Praise to Eliot Peper, the author of Cumulus, True Blue, Neon Fever Dream, The Uncommon Series, Bandwidth, and now another near-future thriller Borderless, the second novel in the Analog Series.
If you haven’t read anything coming from Eliot Peper’s super brain, correct that now and grab any of his book. His writing is intelligent, seducing, enchanting, like multi-colored waterfall cascading over the central core of your brain.
Read this: You were the center of gravity in a dance that you were observing but not participating in. And read this: When you owned your own decisions, you owned your own sins.
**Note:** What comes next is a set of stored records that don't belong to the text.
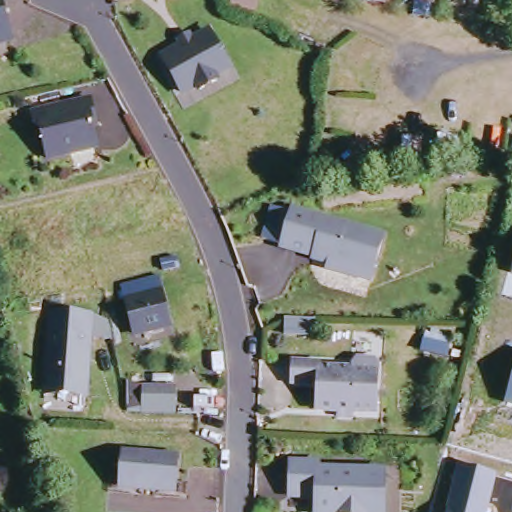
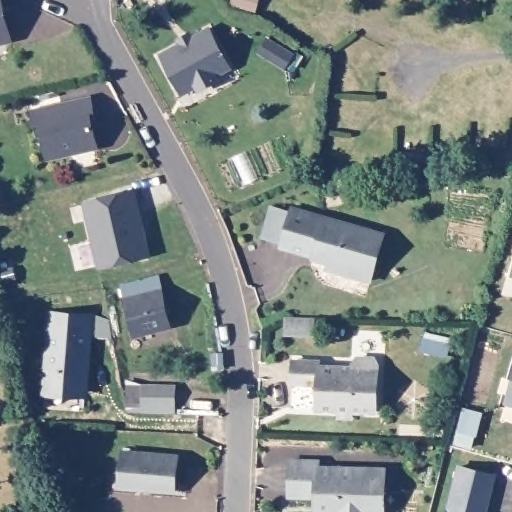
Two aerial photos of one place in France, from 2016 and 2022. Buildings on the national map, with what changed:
unchanged [(0,43),(0,0),(4,0),(6,8),(13,39),(0,43)]
unchanged [(229,66),(214,75),(216,79),(199,89),(197,84),(182,92),(162,55),(181,44),(179,39),(188,34),(190,39),(207,29),(229,66)]
unchanged [(101,141),(52,151),(45,117),(56,114),(53,102),(95,92),(99,109),(101,118),(97,119),(97,120),(101,141)]
new [(82,203),(134,192),(152,258),(99,271),(82,203)]
unchanged [(330,264),(315,260),(315,256),(283,247),(295,208),(385,236),(373,282),(337,271),(329,269),(330,264)]
unchanged [(160,283),(169,317),(135,325),(126,291),(160,283)]
unchanged [(45,390),(47,374),(49,324),(49,310),(91,311),(87,385),(87,392),(45,390)]
unchanged [(315,334),(288,334),(288,318),(315,318),(315,334)]
unchanged [(330,414),(330,407),(310,406),(310,381),(282,379),(283,354),(312,355),(312,362),(345,363),(345,356),(350,353),(367,353),(372,364),(370,408),(345,407),(345,415),(330,414)]
unchanged [(512,407),(505,405),(512,378),(512,407)]
unchanged [(127,413),(128,381),(144,387),(174,389),(174,415),(144,413),(127,413)]
unchanged [(179,460),(172,494),(115,482),(122,448),(179,460)]
unchanged [(319,497),(294,497),(295,462),(322,462),(322,469),(389,471),(387,511),(387,512),(319,512),(319,509),(319,497)]
unchanged [(498,475),(489,512),(447,512),(459,466),(498,475)]

And this: The overall impression it left was of something designed but not engineered, a marriage of botanical growth and human imagination.
And then read the whole of Borderless, not skipping a single word because you don’t want to shatter the glass ball of magical writing in front of which we bow our heads pleased and humbled.
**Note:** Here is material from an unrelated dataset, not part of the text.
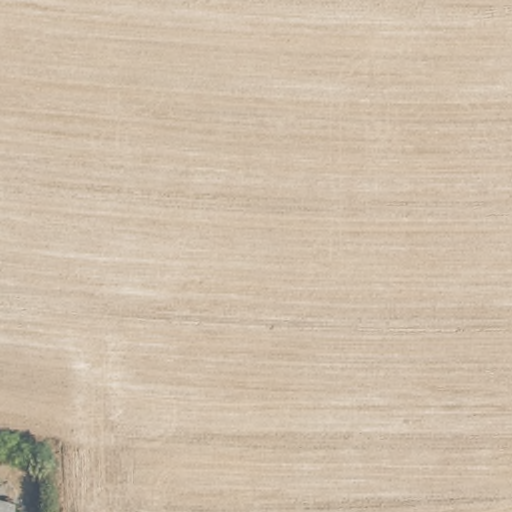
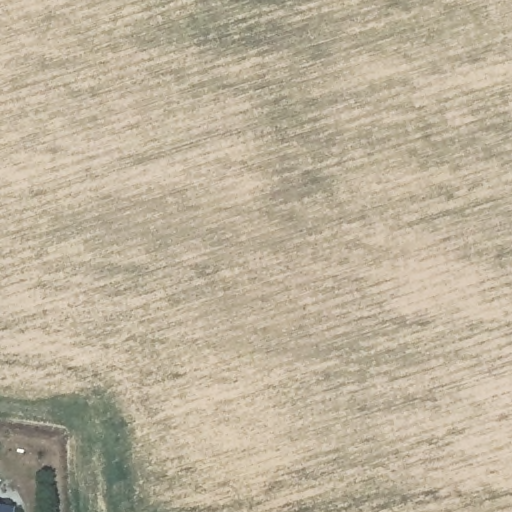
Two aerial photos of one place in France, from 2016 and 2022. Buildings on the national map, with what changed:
unchanged [(0,507),(15,509),(14,512),(0,512),(0,507)]

Overwhelmed with the beauty and the rich texture of his writing style, I need to say this one last thing (or maybe two). Many great authors are out there but there are not so many great authors who are true artists. Eliot Peper is one of them.
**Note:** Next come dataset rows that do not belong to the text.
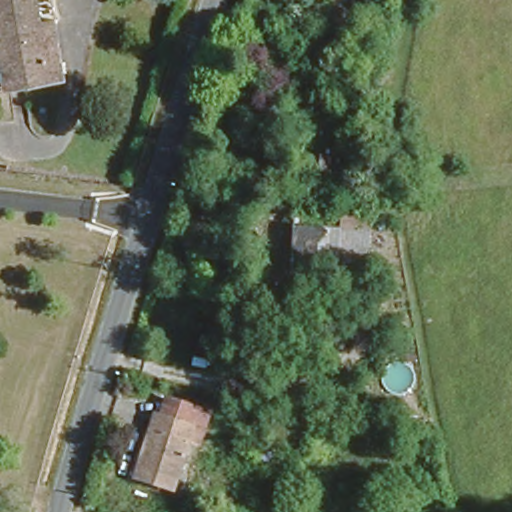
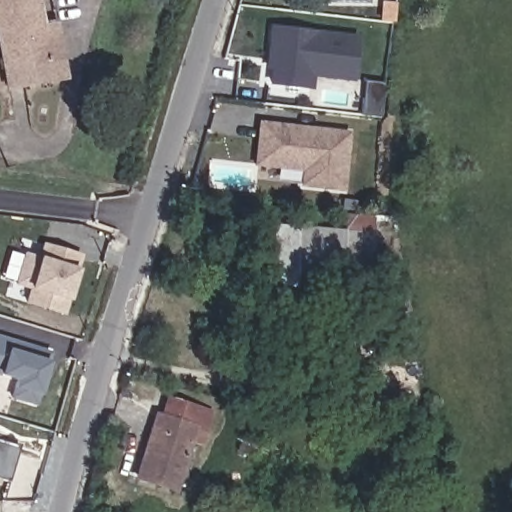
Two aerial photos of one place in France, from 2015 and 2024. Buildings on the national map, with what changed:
unchanged [(0,71),(0,0),(51,0),(53,11),(49,12),(58,69),(1,78),(0,71)]
new [(269,26),(358,34),(353,79),(312,75),(311,89),(266,84),(269,26)]
new [(257,120),(349,131),(344,191),(300,187),(300,172),(252,166),(257,120)]
new [(296,268),(295,287),(266,285),(270,222),(298,225),(296,268)]
unchanged [(342,272),(296,268),(298,225),(373,230),(371,259),(342,257),(342,272)]
new [(76,268),(78,269),(67,301),(66,300),(61,315),(21,302),(25,289),(10,284),(21,251),(35,255),(40,242),(80,255),(76,268)]
new [(10,398),(14,380),(0,376),(0,337),(48,351),(32,405),(10,398)]
unchanged [(133,478),(151,415),(158,417),(164,397),(208,407),(203,430),(191,426),(172,490),(133,478)]
unchanged [(282,452),(278,465),(241,451),(245,439),(282,452)]
new [(8,480),(0,478),(0,442),(18,447),(8,480)]

Whether you are just a reader, a budding or established writer or an author, read Eliot Peper. Read him slowly and with tender care. Enjoy the process and LEARN.
You don’t want to miss the taste of the near future and live it now in your imagination before it will become real in a few years or decades; you don’t want to be excluded from the privilege of knowing one of the best composers of the written word who walks, breaths, dreams and lives in the same feed as you do. That would be a shame.